● **What to work on**:
Reproduce the data in full, exactly as given, leaving images out.

Entries taken from a collection

-*-

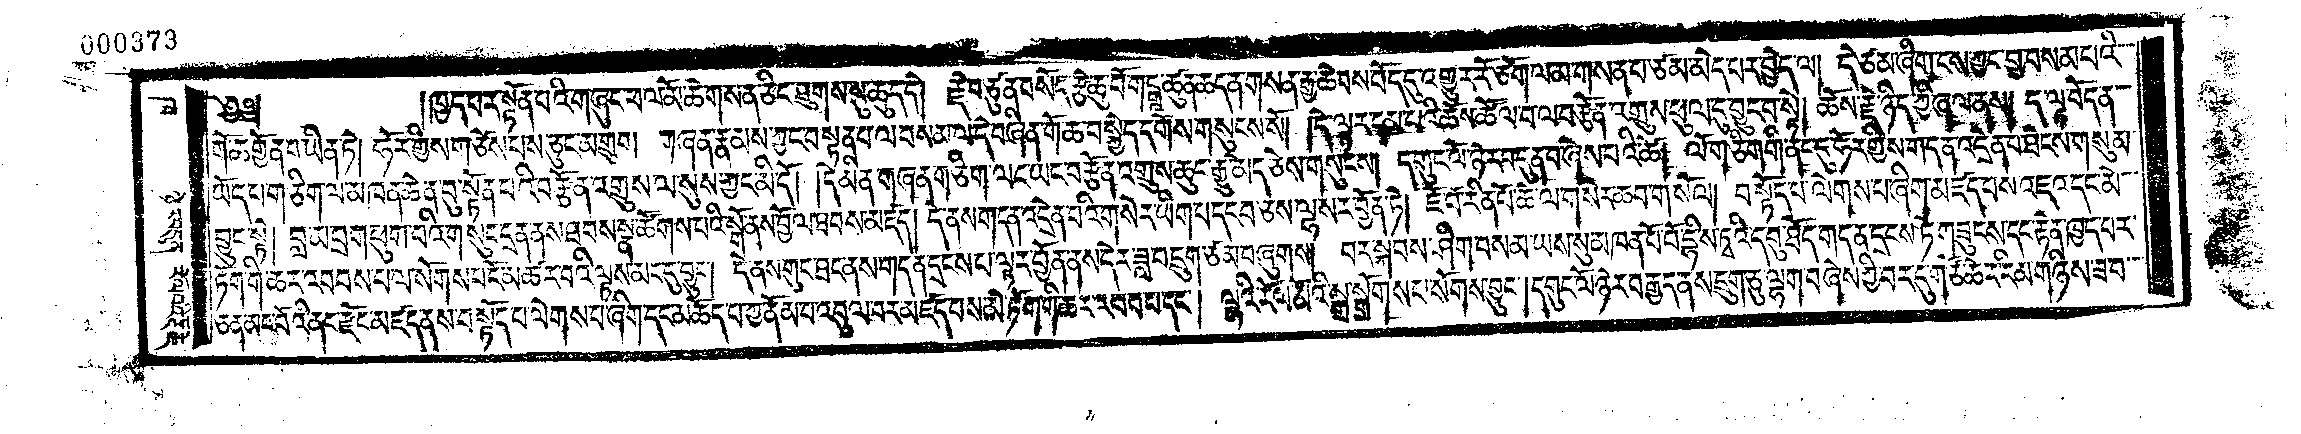༄༅། །ཁྱད་པར་སྟོན་པའི་གཞུང་ཕལ་མོ་ཆེ་གསན་ཅིང་ཐུགས་སུ་ཆུད་དེ། རྗེ་བཙུན་བསོད་རྩེ་ཆུ་བོ་གངྒཱ་ཚུན་ཆད་ན་གསན་རྒྱ་ཆེ་བས་བོད་དུ་འགྱུར་རོ་ཅོག་ལ་མ་གསན་པ་ཙམ་མེད་པར་བྱེད་ལ། དེ་ཙམ་ཞིག་ངས་ཀྱང་བྱ་བསམ་པའི་
གོ་ཆ་གྱོན་པ་ཡིན་ཏེ། ཧོར་གྱིས་གཅོས་པས་ཅུང་མ་གྲུབ། གཞན་རྣམས་ཀྱང་བསྟན་པ་ལ་བསམ་ལ་དེ་བཞིན་གོ་ཆ་བསྐྱེད་དགོས་གསུངས་སོ། །དེ་ལྟར་དམ་པའི་ཆོས་ཚོལ་བ་ལ་བརྩོན་འགྲུས་ཕུལ་དུ་བྱུང་བ་སྟེ། ཆོས་རྗེ་ཉིད་ཀྱི་ཞལ་ནས། ད་ལྟ་བོད་ན་
ཡོད་པ་གཅིག་ལ་མཁན་ཆེན་བུ་སྟོན་པའི་བརྩོན་འགྲུས་ལ་སུས་ཀྱང་མི་ངོ། །དེ་མིན་གཞན་གཅིག་ལ་ང་ཡང་བརྩོན་འགྲུས་ཆུང་རྒྱུ་མེད་ཅེས་གསུངས། དགུང་ལོ་ཉེར་བདུན་བཞེས་པའི་ཚེ། ལོ་གཅིག་གི་ནང་དུ་ཧོར་གྱིས་གདན་འདྲེན་པ་ཐེངས་གསུམ་
བྱུང་སྟེ། བླ་མ་བྲག་ཕུག?་པའི་གསུང་དྲན་ནས་ཐབས་སྣ་ཚོགས་པའི་སྒོ་ནས་བྱོལ་ཐབས་མཛད། དེ་ནས་གདན་འདྲེན་པའི་གསེར་ཡིག་བ་དང་བཅས་ལྷ་སར་བྱོན་ཏེ། ཇོ་བོ་རིན་པོ་ཆེ་ལ་གསེར་ཆབ་གསོལ། བསྟོད་པ་ལེགས་པ་ཞིག་མཛད་པས་འཇའ་དང་མེ་
ཏོག་གི་ཆར་འབབས་པ་སོགས་པ་ངོ་མཚར་བའི་ལྟས་མང་དུ་བྱུང་། དེ་ནས་གུང་ཐང་ནས་གདན་དྲངས་པ་ལྟར་བྱོན་ནས་དེར་ཟླ་བ་དྲུག་ཙམ་བཞུགས། བར་སྐབས་ཤིག་བསམ་ཡས་སུ་མཁན་པོ་བོ་དྷི་ས་ཏྭའི་དབུ་ཐོད་གདན་དྲངས་ཏེ་གཟུངས་དང་རྟེན་ཁྱད་པར་
ཅན་མང་པོའི་ནང་རྫོང་མཛད་ནས་བསྟོད་པ་ལེགས་པ་ཞིག་དང་མཆོད་པ་གྱ་ནོ་མ་པ་འབུལ་བར་མཛད་པས་མེ་ཏོག་གི་ཆར་འབབ་པ་དང་། ལྷའི་རོལ་མོའི་སྒྲ་སྒྲོགས་པ་སོགས་བྱུང་། དགུང་ལོ་ཉེར་བརྒྱད་ནས་དྲུག་ཅུ་ལྷག་བཞེས་ཀྱི་བར་དུ་གཅོ་ཆེར་རིམ་གཉིས་ཟབ་

-*-

● **Worked solution**:
༄༅། །ཁྱད་པར་སྟོན་པའི་གཞུང་ཕལ་མོ་ཆེ་གསན་ཅིང་ཐུགས་སུ་ཆུད་དེ། རྗེ་བཙུན་བསོད་རྩེ་ཆུ་བོ་གངྒཱ་ཚུན་ཆད་ན་གསན་རྒྱ་ཆེ་བས་བོད་དུ་འགྱུར་རོ་ཅོག་ལ་མ་གསན་པ་ཙམ་མེད་པར་བྱེད་ལ། དེ་ཙམ་ཞིག་ངས་ཀྱང་བྱ་བསམ་པའི་
གོ་ཆ་གྱོན་པ་ཡིན་ཏེ། ཧོར་གྱིས་གཅོས་པས་ཅུང་མ་གྲུབ། གཞན་རྣམས་ཀྱང་བསྟན་པ་ལ་བསམ་ལ་དེ་བཞིན་གོ་ཆ་བསྐྱེད་དགོས་གསུངས་སོ། །དེ་ལྟར་དམ་པའི་ཆོས་ཚོལ་བ་ལ་བརྩོན་འགྲུས་ཕུལ་དུ་བྱུང་བ་སྟེ། ཆོས་རྗེ་ཉིད་ཀྱི་ཞལ་ནས། ད་ལྟ་བོད་ན་
ཡོད་པ་གཅིག་ལ་མཁན་ཆེན་བུ་སྟོན་པའི་བརྩོན་འགྲུས་ལ་སུས་ཀྱང་མི་ངོ། །དེ་མིན་གཞན་གཅིག་ལ་ང་ཡང་བརྩོན་འགྲུས་ཆུང་རྒྱུ་མེད་ཅེས་གསུངས། དགུང་ལོ་ཉེར་བདུན་བཞེས་པའི་ཚེ། ལོ་གཅིག་གི་ནང་དུ་ཧོར་གྱིས་གདན་འདྲེན་པ་ཐེངས་གསུམ་
བྱུང་སྟེ། བླ་མ་བྲག་ཕུག?་པའི་གསུང་དྲན་ནས་ཐབས་སྣ་ཚོགས་པའི་སྒོ་ནས་བྱོལ་ཐབས་མཛད། དེ་ནས་གདན་འདྲེན་པའི་གསེར་ཡིག་བ་དང་བཅས་ལྷ་སར་བྱོན་ཏེ། ཇོ་བོ་རིན་པོ་ཆེ་ལ་གསེར་ཆབ་གསོལ། བསྟོད་པ་ལེགས་པ་ཞིག་མཛད་པས་འཇའ་དང་མེ་
ཏོག་གི་ཆར་འབབས་པ་སོགས་པ་ངོ་མཚར་བའི་ལྟས་མང་དུ་བྱུང་། དེ་ནས་གུང་ཐང་ནས་གདན་དྲངས་པ་ལྟར་བྱོན་ནས་དེར་ཟླ་བ་དྲུག་ཙམ་བཞུགས། བར་སྐབས་ཤིག་བསམ་ཡས་སུ་མཁན་པོ་བོ་དྷི་ས་ཏྭའི་དབུ་ཐོད་གདན་དྲངས་ཏེ་གཟུངས་དང་རྟེན་ཁྱད་པར་
ཅན་མང་པོའི་ནང་རྫོང་མཛད་ནས་བསྟོད་པ་ལེགས་པ་ཞིག་དང་མཆོད་པ་གྱ་ནོ་མ་པ་འབུལ་བར་མཛད་པས་མེ་ཏོག་གི་ཆར་འབབ་པ་དང་། ལྷའི་རོལ་མོའི་སྒྲ་སྒྲོགས་པ་སོགས་བྱུང་། དགུང་ལོ་ཉེར་བརྒྱད་ནས་དྲུག་ཅུ་ལྷག་བཞེས་ཀྱི་བར་དུ་གཅོ་ཆེར་རིམ་གཉིས་ཟབ་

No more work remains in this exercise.